I realize your comment wasn't directed at me, but this statement above is true, gaming the system and being punished for otherwise safe racing procedure are not mutually exclusive.
Gaming the system involves knowing exactly what the system will let you get away with. Check my video, the incident at 1:19 in my video - what the black and blue M3 did to me is "gaming the system." It was dirty racing, but as long as you know how the system works, you can get away with it. The bigger issue is not that the M3 can get away with it without punishment, but rather than I get punished for something he did. THAT is gaming the system.
Being "penalized for something you didn't do wrong" is in reference to being punished for following real racing procedure, but being punished for doing what any real driver would. Check the penalty I get at 1:49. I avoid 2 slow moving cars, 1 of which is parked on the racing line. Because of the speed I'm going, I only have so much margin for making drastic avoiding maneuvers. I get in the dirty stuff exiting Ascari, and run wide right onto the curb and Astro turf - an area of Monza that you see used in nearly every single race you've ever watched there. That is being punished for following proper procedure (and because the devs were too lazy to map out track limits in a detailed fashion, just gave a one size fits all blanket solution to the issue).

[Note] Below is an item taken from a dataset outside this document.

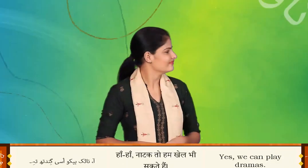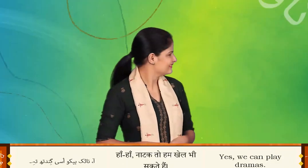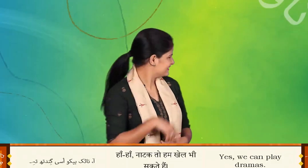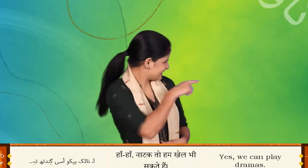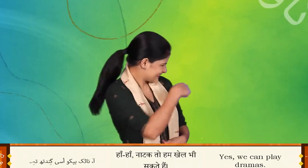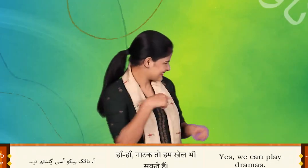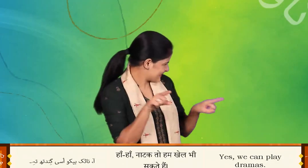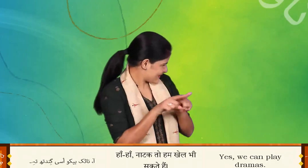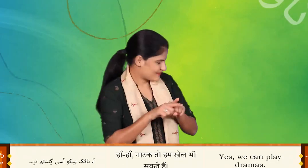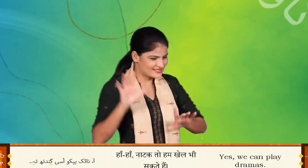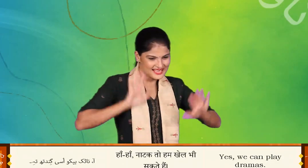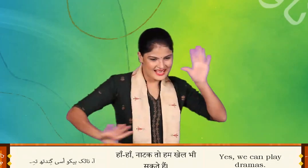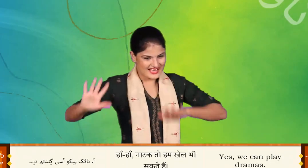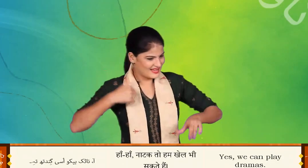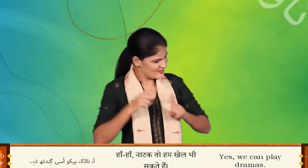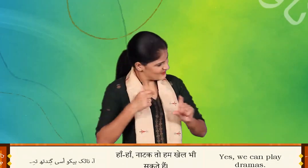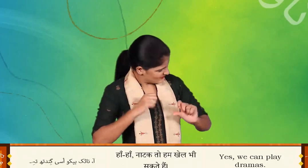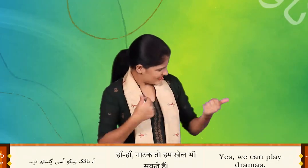आ, नाटुख हैक ऐस गिंदित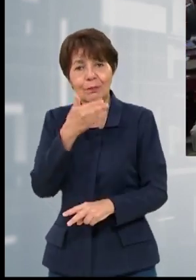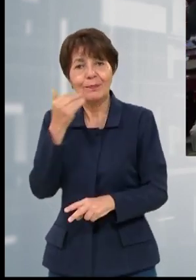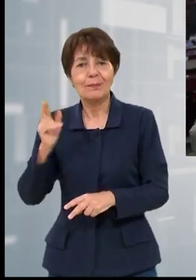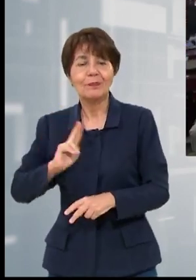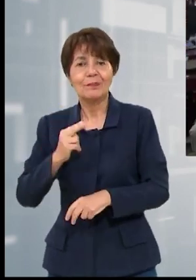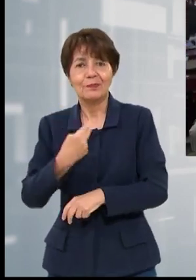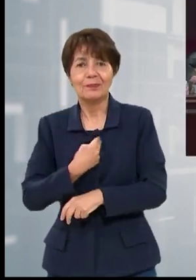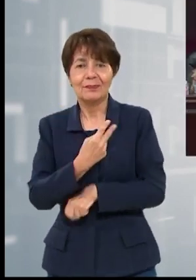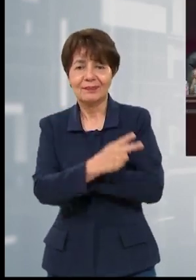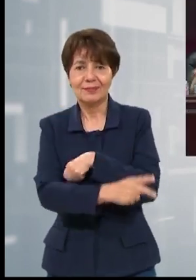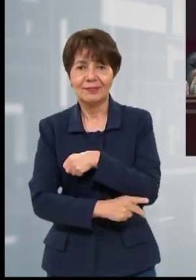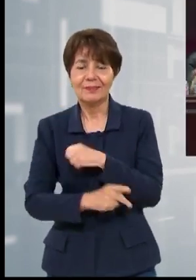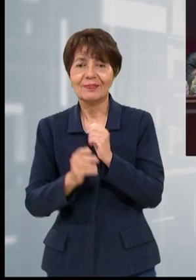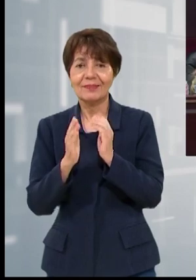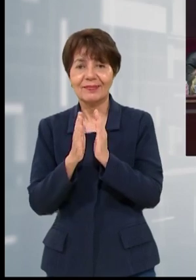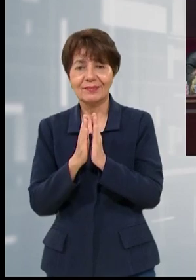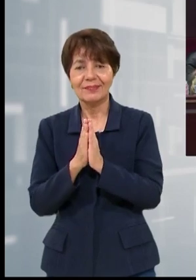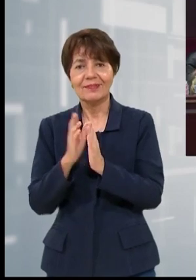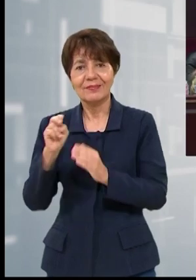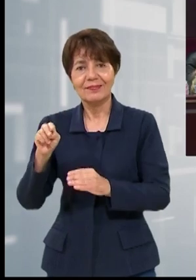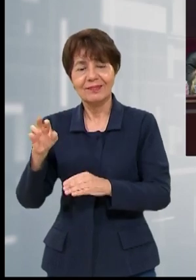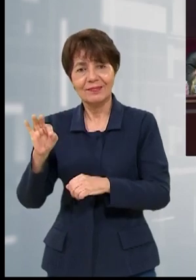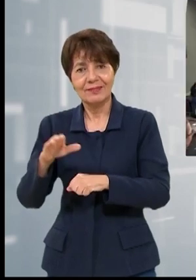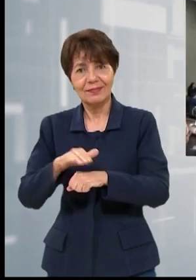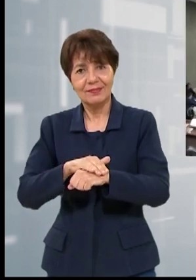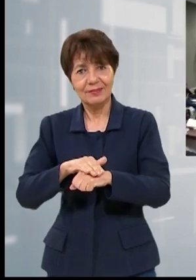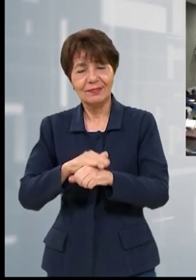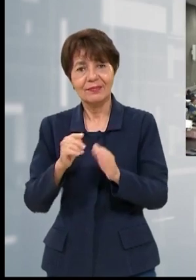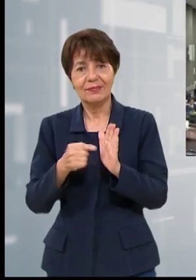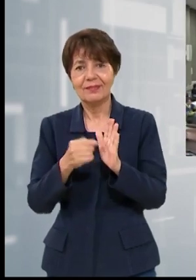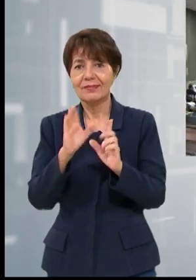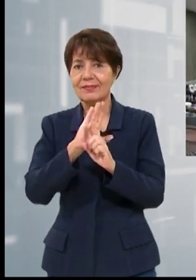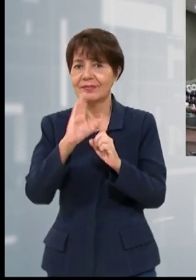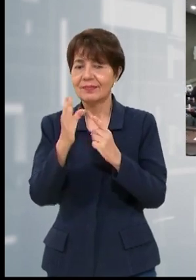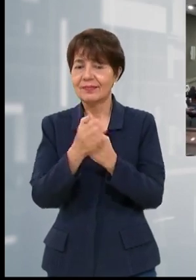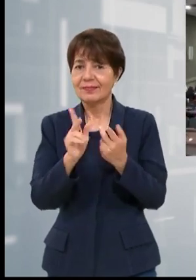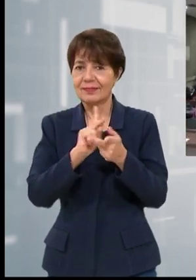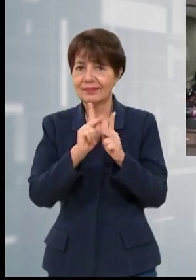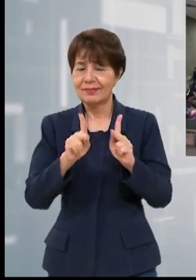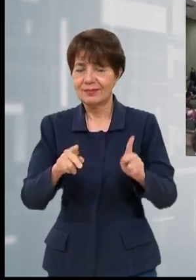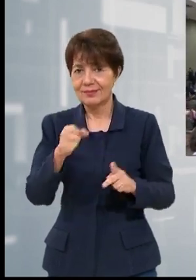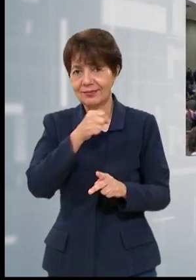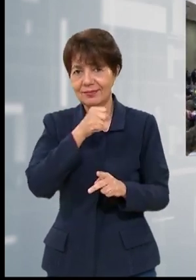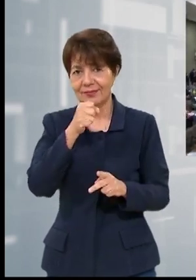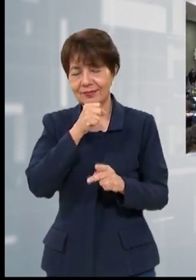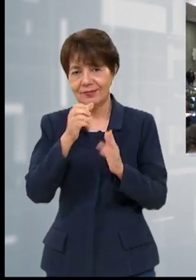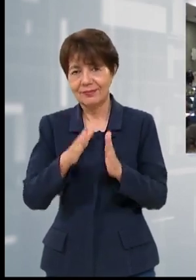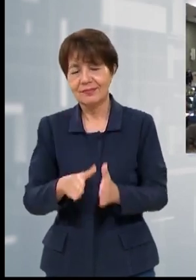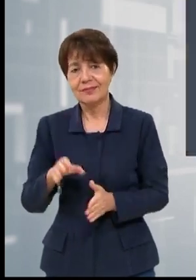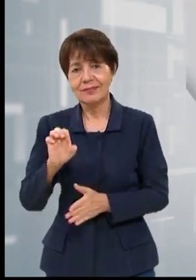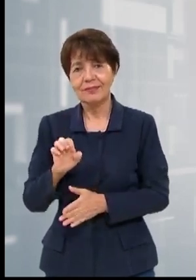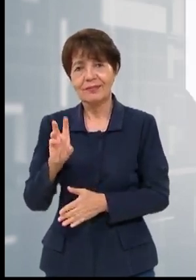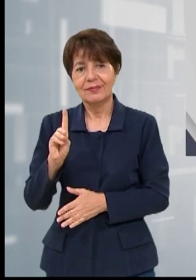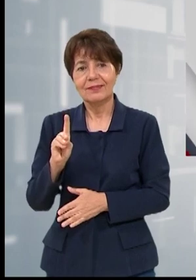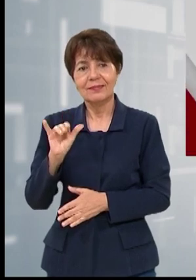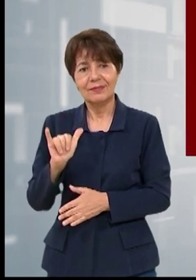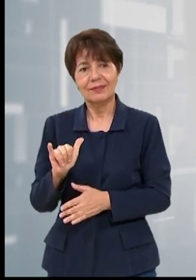Desde Suyapa Medios y Notifides le invitamos a que juntos fomentemos una cultura de paz. Con imágenes de Aníbal Recarte les informó Edi Romero.

Knowing how to make someone else cop a penalty while you get away with it is gaming the system.
Receiving penalties because someone else shoved you off the road is the system punishing you for something you didn't do. It's literally the opposite, it's you getting gamed by the system.
Online racing in public lobbies is more about who understands the penalty system the best, and who has spend the most time feeling their way around track limits to know what they can get away with.
Ian Bell says that track limits are "1/2 a car's width over the white line, except where there's curbs, we included the curbs." Aside from "1/2 a car width" being a completely terrible deciding factor since you can't feel "1/2 a car width" (whereas you can feel if you still have 2 tires on the racing surface), I clearly have 2 tires on the red/green/white curbing, yet still get the penalty.
Ya, the system is the same for all, but it's a pretty garbage system. Safety rating is based more on who's around you than on your own actions. Skill rating is based on who can stay connected the best. Penalties are unrealistic, easy to "game" if you're dirty, tough to avoid if you're clean.
Again, I stick to my statement that the people who made this system really don't spend much time racing is open lobbies, as this system is basically a troller's dream.
@Outspacer, if you're in a room with full damage, someone absolutely plies into you in T1, your car is damage to the point it cannot continue. You honestly think that person should stay in the room until the race is finished? That's kind of arrogant on your part that you expect others who can no longer participate to just sit around and watch so that you feel good at the end of the race when you look at the scoreboard.
Make a pit stop, game fails to properly change tires, or add fuel? Yup, the hard working father of 3 in his 1 hour of free time should definitely stay in that lobby and wait things out.